But what would it mean if Rossiter-McLaughlin measurements found a non-zero stellar obliquity? Given the arguments presented above, we think that planet scattering is by far the most likely origin for the eccentric orbit of CoRoT-9b. Assuming that scattering indeed took place, a measured non-zero stellar obliquity would imply that the planetary orbital plane was already misaligned prior to the scattering phase. This would be strong indirect evidence for misalignment of the protoplanetary disk of CoRoT-9. Some candidate mechanisms to tilt disks are chaotic star formation (Bate et al. 2010), magnetic star-disk interactions (Lai et al. 2011), and perturbations from a distant stellar binary (Batygin 2012; Batygin & Adams 2013; Lai 2014). Concerning the latter, even temporary binarity during the embedded cluster phase may tilt the disk.

Finally, we also tested the effect of the planetary density ρ on the outcome of scattering simulations. This could be important because the density is linked to the radius of the planet and therefore its escape speed, and thus the Safronov number Θ.

In the simulations presented above we assumed that both the CoRoT-9b analogues and the extra planet had densities of ρ = 1 g cm-3. We ran three sets of 100 simulations each with Mextra = 50 M and varying the density (of both planets) between 0.5 and 2.0 g cm-3. This corresponded to a range in Θ2 between 0.55 and 0.87. All other aspects of the simulations were as above.
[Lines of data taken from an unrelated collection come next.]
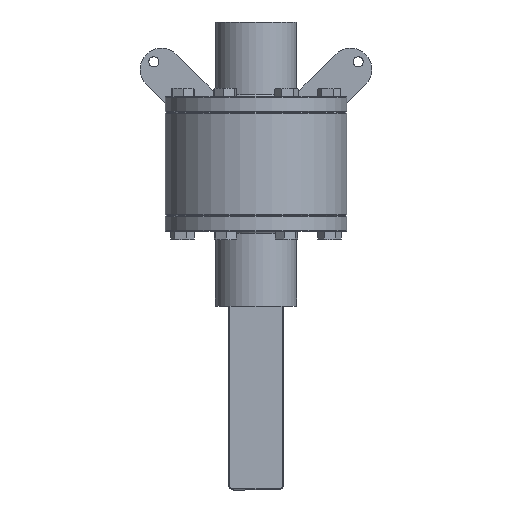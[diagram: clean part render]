
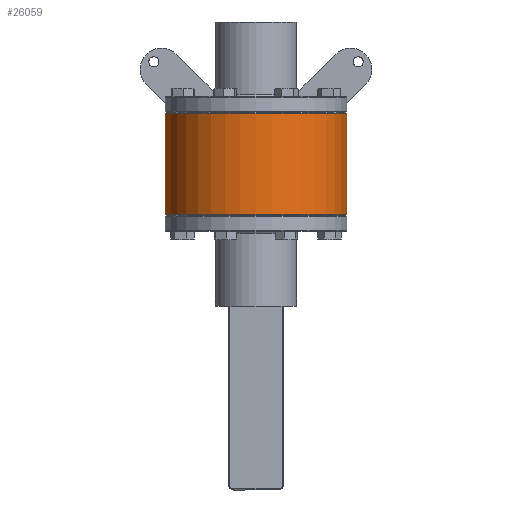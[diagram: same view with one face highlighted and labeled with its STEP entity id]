
A CAD part, front view. The second image highlights one B-rep face of the part: STEP entity #26059.
In plain terms, the highlighted cylindrical face has radius 85.5 mm (diameter 171 mm), a partial arc.
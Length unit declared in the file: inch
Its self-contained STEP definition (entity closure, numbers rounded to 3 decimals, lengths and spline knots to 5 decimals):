
#241 = AXIS2_PLACEMENT_3D ( 'NONE', #9747, #1094, #27605 ) ;
#569 = VERTEX_POINT ( 'NONE', #9231 ) ;
#781 = EDGE_CURVE ( 'NONE', #15054, #569, #11386, .T. ) ;
#1094 = DIRECTION ( 'NONE',  ( 0., 0., -1. ) ) ;
#2965 = CARTESIAN_POINT ( 'NONE',  ( 3.36614, 0., 4.9485 ) ) ;
#5574 = VERTEX_POINT ( 'NONE', #52808 ) ;
#5908 = ORIENTED_EDGE ( 'NONE', *, *, #17547, .T. ) ;
#9231 = CARTESIAN_POINT ( 'NONE',  ( -3.36614, 0., 1.87205 ) ) ;
#9747 = CARTESIAN_POINT ( 'NONE',  ( 0., 0., 1.87205 ) ) ;
#11386 = LINE ( 'NONE', #50242, #28256 ) ;
#11525 = ORIENTED_EDGE ( 'NONE', *, *, #781, .F. ) ;
#12416 = EDGE_CURVE ( 'NONE', #15054, #5574, #40206, .T. ) ;
#15054 = VERTEX_POINT ( 'NONE', #48218 ) ;
#15890 = CIRCLE ( 'NONE', #241, 3.36614 ) ;
#16730 = FACE_OUTER_BOUND ( 'NONE', #18497, .T. ) ;
#17076 = VECTOR ( 'NONE', #25582, 39.37008 ) ;
#17547 = EDGE_CURVE ( 'NONE', #46579, #569, #15890, .T. ) ;
#18497 = EDGE_LOOP ( 'NONE', ( #11525, #32066, #35811, #5908 ) ) ;
#22519 = DIRECTION ( 'NONE',  ( 1., 0., 0. ) ) ;
#22713 = CARTESIAN_POINT ( 'NONE',  ( 0., 0., -1.87205 ) ) ;
#23275 = AXIS2_PLACEMENT_3D ( 'NONE', #57751, #52798, #35374 ) ;
#23972 = EDGE_CURVE ( 'NONE', #5574, #46579, #30428, .T. ) ;
#25582 = DIRECTION ( 'NONE',  ( 0., 0., 1. ) ) ;
#26059 = ADVANCED_FACE ( 'NONE', ( #16730 ), #43527, .T. ) ;
#27605 = DIRECTION ( 'NONE',  ( -1., 0., 0. ) ) ;
#28256 = VECTOR ( 'NONE', #51739, 39.37008 ) ;
#30428 = LINE ( 'NONE', #2965, #17076 ) ;
#32066 = ORIENTED_EDGE ( 'NONE', *, *, #12416, .T. ) ;
#35374 = DIRECTION ( 'NONE',  ( 1., 0., 0. ) ) ;
#35811 = ORIENTED_EDGE ( 'NONE', *, *, #23972, .T. ) ;
#39026 = AXIS2_PLACEMENT_3D ( 'NONE', #22713, #40568, #22519 ) ;
#39833 = CARTESIAN_POINT ( 'NONE',  ( 3.36614, 0., 1.87205 ) ) ;
#40206 = CIRCLE ( 'NONE', #39026, 3.36614 ) ;
#40568 = DIRECTION ( 'NONE',  ( 0., 0., 1. ) ) ;
#43527 = CYLINDRICAL_SURFACE ( 'NONE', #23275, 3.36614 ) ;
#46579 = VERTEX_POINT ( 'NONE', #39833 ) ;
#48218 = CARTESIAN_POINT ( 'NONE',  ( -3.36614, 0., -1.87205 ) ) ;
#50242 = CARTESIAN_POINT ( 'NONE',  ( -3.36614, 0., 4.9485 ) ) ;
#51739 = DIRECTION ( 'NONE',  ( 0., 0., 1. ) ) ;
#52798 = DIRECTION ( 'NONE',  ( 0., 0., 1. ) ) ;
#52808 = CARTESIAN_POINT ( 'NONE',  ( 3.36614, 0., -1.87205 ) ) ;
#57751 = CARTESIAN_POINT ( 'NONE',  ( 0., 0., 4.9485 ) ) ;
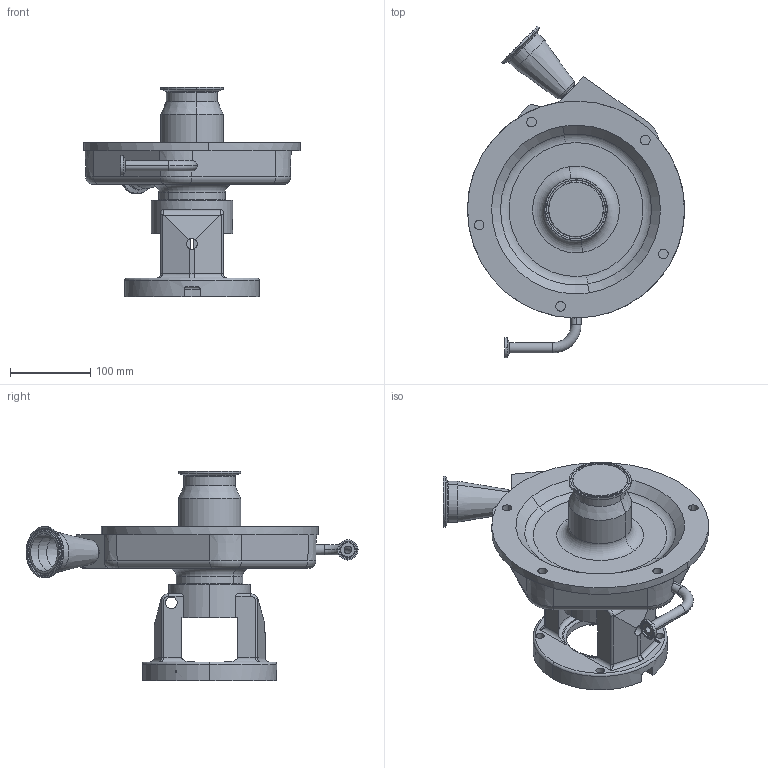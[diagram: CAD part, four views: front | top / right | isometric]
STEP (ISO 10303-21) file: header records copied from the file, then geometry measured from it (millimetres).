
FILE_DESCRIPTION (( 'STEP AP214' ), '1' );
FILE_NAME ('FPX 741-742 140TC 45L 1-2 In ELBOW LEFT.STEP', '2022-12-16T18:00:13', ( '' ), ( '' ), 'SwSTEP 2.0', 'SolidWorks 2021', '' );
FILE_SCHEMA (( 'AUTOMOTIVE_DESIGN' ));
Length unit declared in the file: millimetre
Products named in the file (2): FPX 740 140TC 45L 1-2 In ELBOW LEFT^1275000079.STEP; FPX 741-742 140TC 45L 1-2 In ELBOW LEFT
Assembly tree (1 placements, depth 2):
  FPX 741-742 140TC 45L 1-2 In ELBOW LEFT
    FPX 740 140TC 45L 1-2 In ELBOW LEFT^1275000079.STEP
Bounding box: 269.96 x 413.06 x 261 mm (x, y, z)
Volume: 3455499.9 mm3; surface area: 422669.9 mm2
Topology: 1 solids, 2 shells, 365 faces, 893 edges, 536 vertices
Faces by surface type: cylinder 148, torus 88, plane 72, cone 49, bspline 7, sphere 1
Entity records: 15492 total; most frequent: CARTESIAN_POINT 6686, DIRECTION 1997, ORIENTED_EDGE 1770, EDGE_CURVE 885, AXIS2_PLACEMENT_3D 835, VERTEX_POINT 536, CIRCLE 473, EDGE_LOOP 401

Figure 8 shows the surviving planets in the three sets of simulations with different densities. At a glance the outcomes of the simulations appear similar. Indeed, Kolmogorov-Smirnov tests show that, after ejecting the extra planet, the distribution of eccentricities of CoRoT-9b analogues in all three sets are consistent with having been drawn from the same distribution.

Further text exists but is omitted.